### What you have to do
Copy out the data in full and exactly, passing over the pictures.

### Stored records
****************

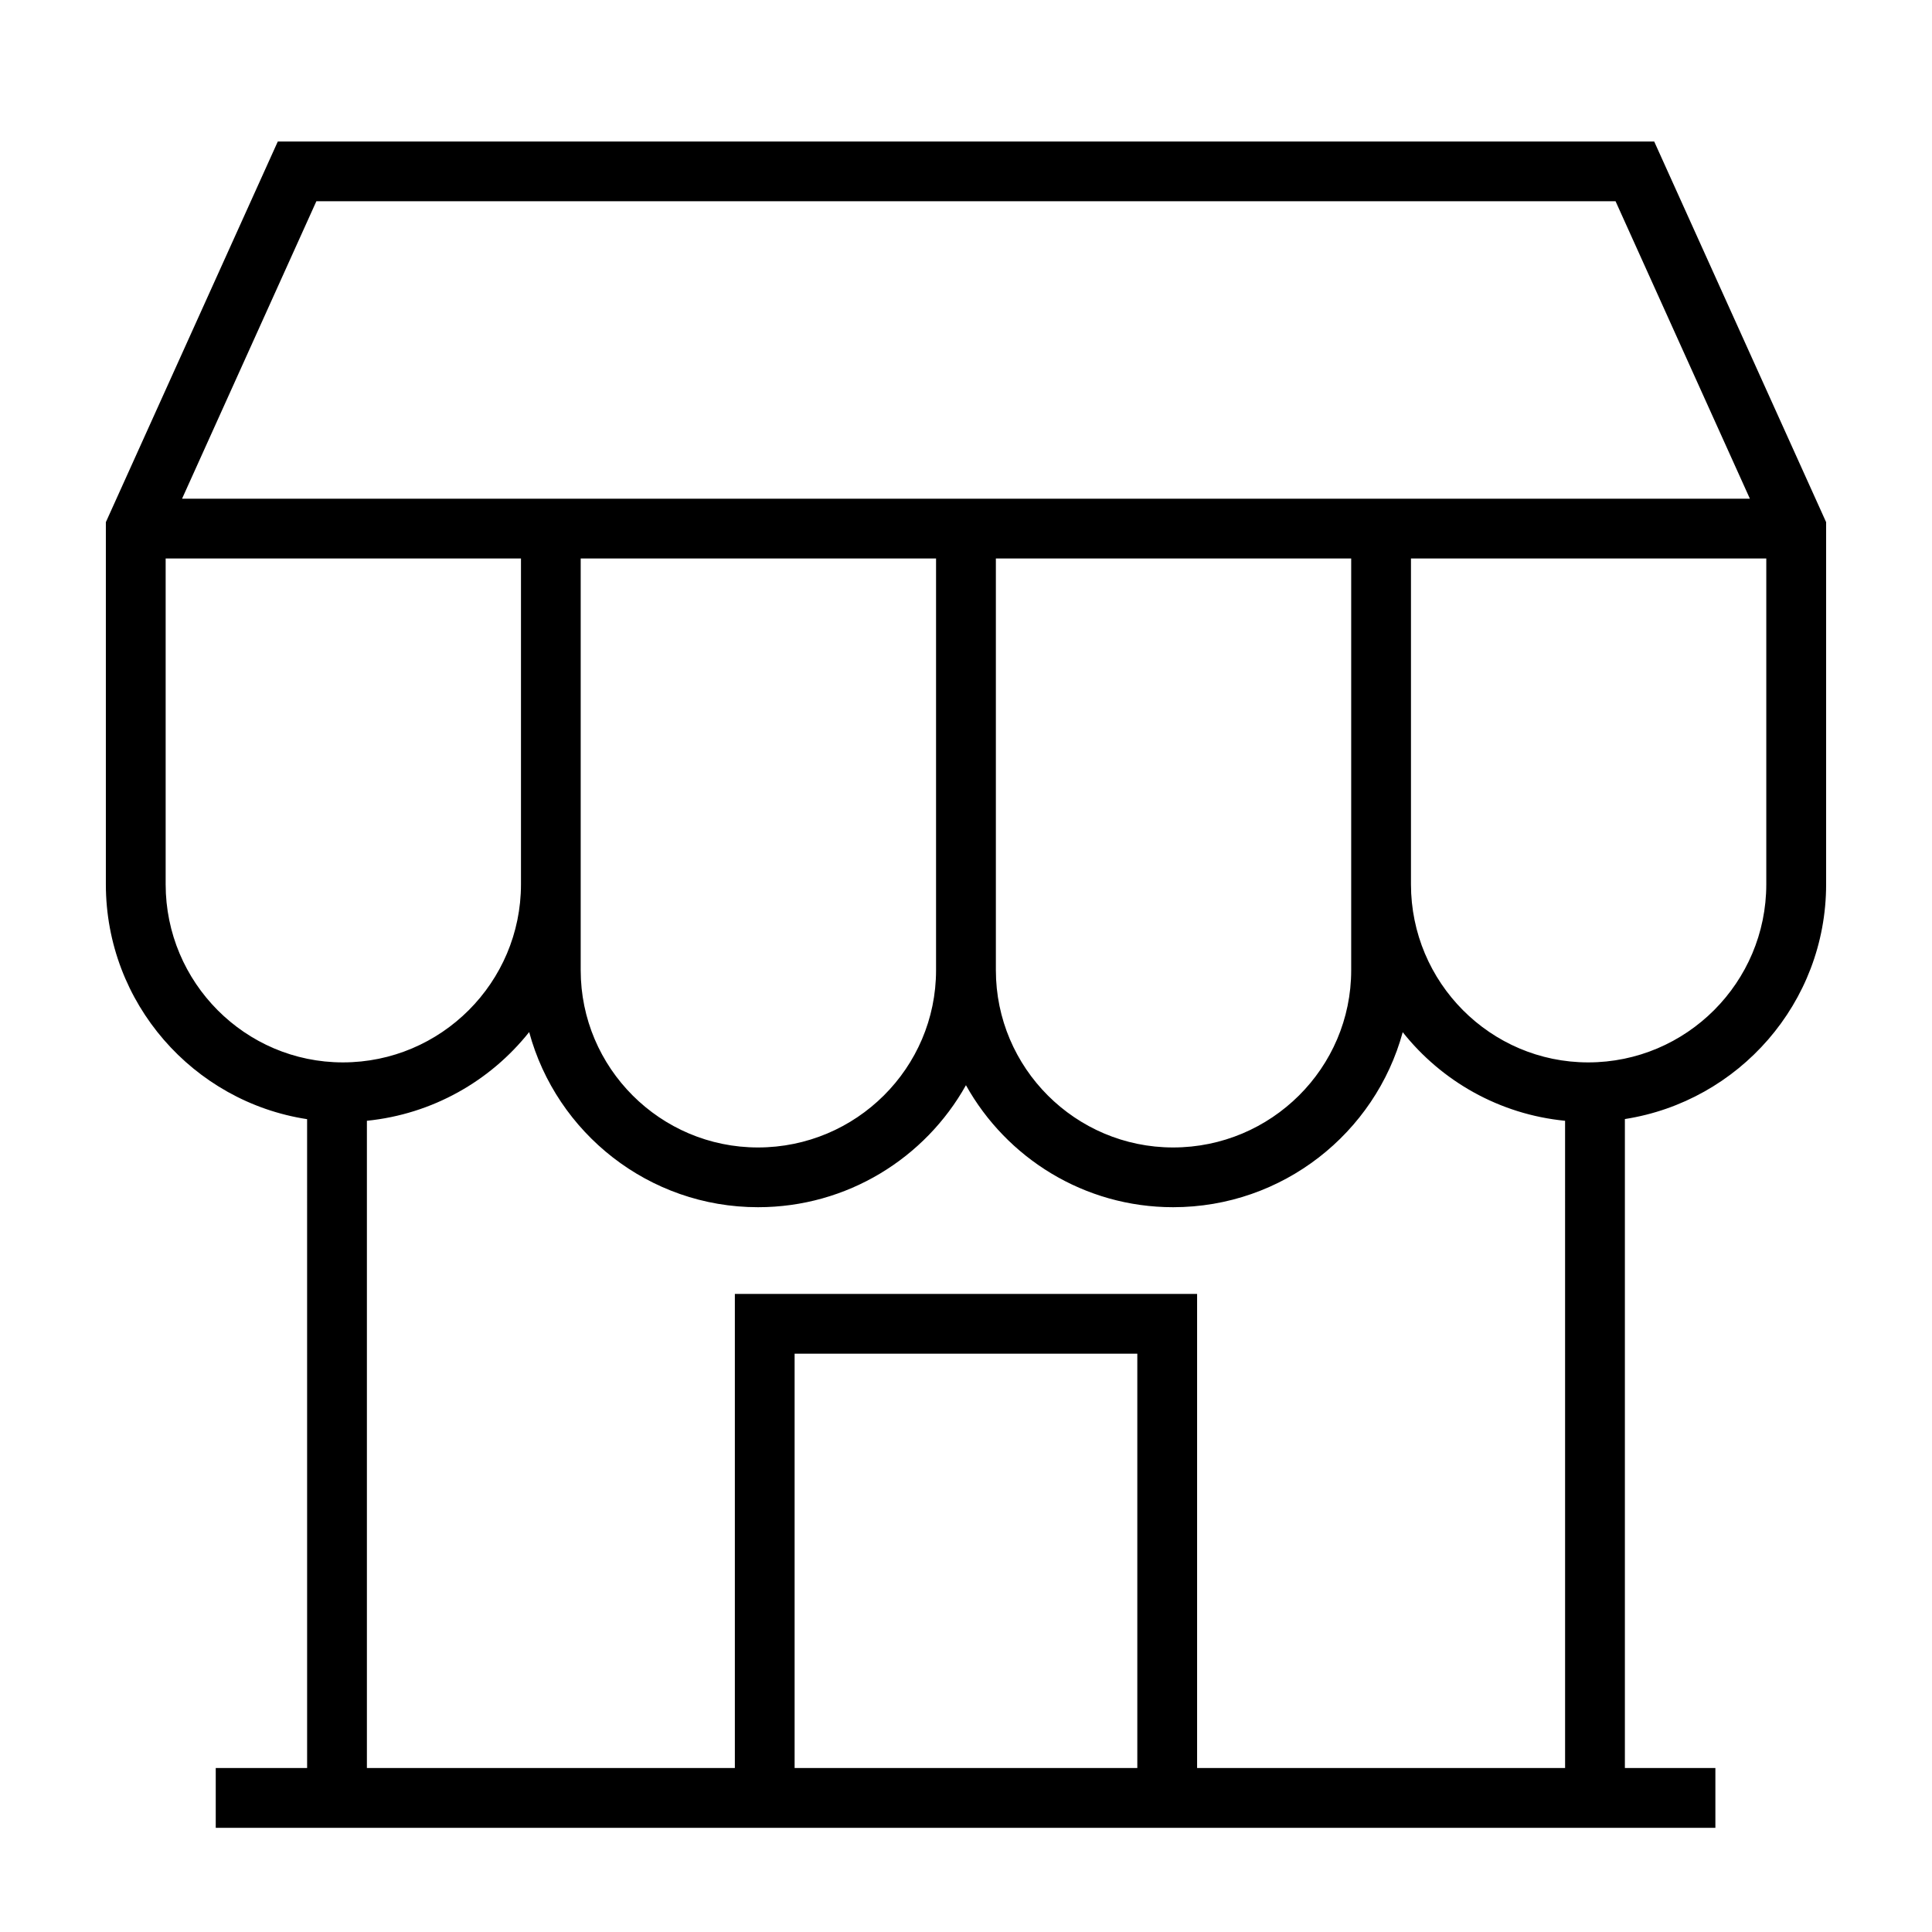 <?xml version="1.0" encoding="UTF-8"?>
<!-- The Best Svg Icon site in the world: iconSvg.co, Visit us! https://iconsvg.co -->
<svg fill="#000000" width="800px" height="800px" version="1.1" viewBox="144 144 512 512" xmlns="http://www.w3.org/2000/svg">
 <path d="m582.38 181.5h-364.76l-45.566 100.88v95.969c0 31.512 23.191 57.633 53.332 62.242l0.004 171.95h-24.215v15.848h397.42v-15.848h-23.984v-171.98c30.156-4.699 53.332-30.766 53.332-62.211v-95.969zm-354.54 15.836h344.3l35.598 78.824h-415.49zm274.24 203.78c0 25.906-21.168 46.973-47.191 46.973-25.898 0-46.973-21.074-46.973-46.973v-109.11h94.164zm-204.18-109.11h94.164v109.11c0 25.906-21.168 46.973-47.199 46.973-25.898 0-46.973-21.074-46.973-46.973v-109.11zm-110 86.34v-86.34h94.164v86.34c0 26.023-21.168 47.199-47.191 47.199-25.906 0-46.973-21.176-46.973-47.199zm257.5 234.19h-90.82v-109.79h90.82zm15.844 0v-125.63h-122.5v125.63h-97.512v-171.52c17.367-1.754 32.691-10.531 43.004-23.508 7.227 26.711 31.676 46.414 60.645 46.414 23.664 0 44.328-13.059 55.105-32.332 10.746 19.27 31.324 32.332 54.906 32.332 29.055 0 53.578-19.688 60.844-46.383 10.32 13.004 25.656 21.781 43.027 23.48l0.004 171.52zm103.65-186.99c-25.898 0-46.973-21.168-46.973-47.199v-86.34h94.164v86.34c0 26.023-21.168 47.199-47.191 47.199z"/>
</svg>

****************

### Task result
 <?xml version="1.0" encoding="UTF-8"?>
<!-- The Best Svg Icon site in the world: iconSvg.co, Visit us! https://iconsvg.co -->
<svg fill="#000000" width="800px" height="800px" version="1.1" viewBox="144 144 512 512" xmlns="http://www.w3.org/2000/svg">
 <path d="m582.38 181.5h-364.76l-45.566 100.88v95.969c0 31.512 23.191 57.633 53.332 62.242l0.004 171.95h-24.215v15.848h397.42v-15.848h-23.984v-171.98c30.156-4.699 53.332-30.766 53.332-62.211v-95.969zm-354.54 15.836h344.3l35.598 78.824h-415.49zm274.24 203.78c0 25.906-21.168 46.973-47.191 46.973-25.898 0-46.973-21.074-46.973-46.973v-109.11h94.164zm-204.18-109.11h94.164v109.11c0 25.906-21.168 46.973-47.199 46.973-25.898 0-46.973-21.074-46.973-46.973v-109.11zm-110 86.34v-86.34h94.164v86.34c0 26.023-21.168 47.199-47.191 47.199-25.906 0-46.973-21.176-46.973-47.199zm257.5 234.19h-90.82v-109.79h90.82zm15.844 0v-125.63h-122.5v125.63h-97.512v-171.52c17.367-1.754 32.691-10.531 43.004-23.508 7.227 26.711 31.676 46.414 60.645 46.414 23.664 0 44.328-13.059 55.105-32.332 10.746 19.27 31.324 32.332 54.906 32.332 29.055 0 53.578-19.688 60.844-46.383 10.32 13.004 25.656 21.781 43.027 23.48l0.004 171.52zm103.65-186.99c-25.898 0-46.973-21.168-46.973-47.199v-86.34h94.164v86.34c0 26.023-21.168 47.199-47.191 47.199z"/>
</svg>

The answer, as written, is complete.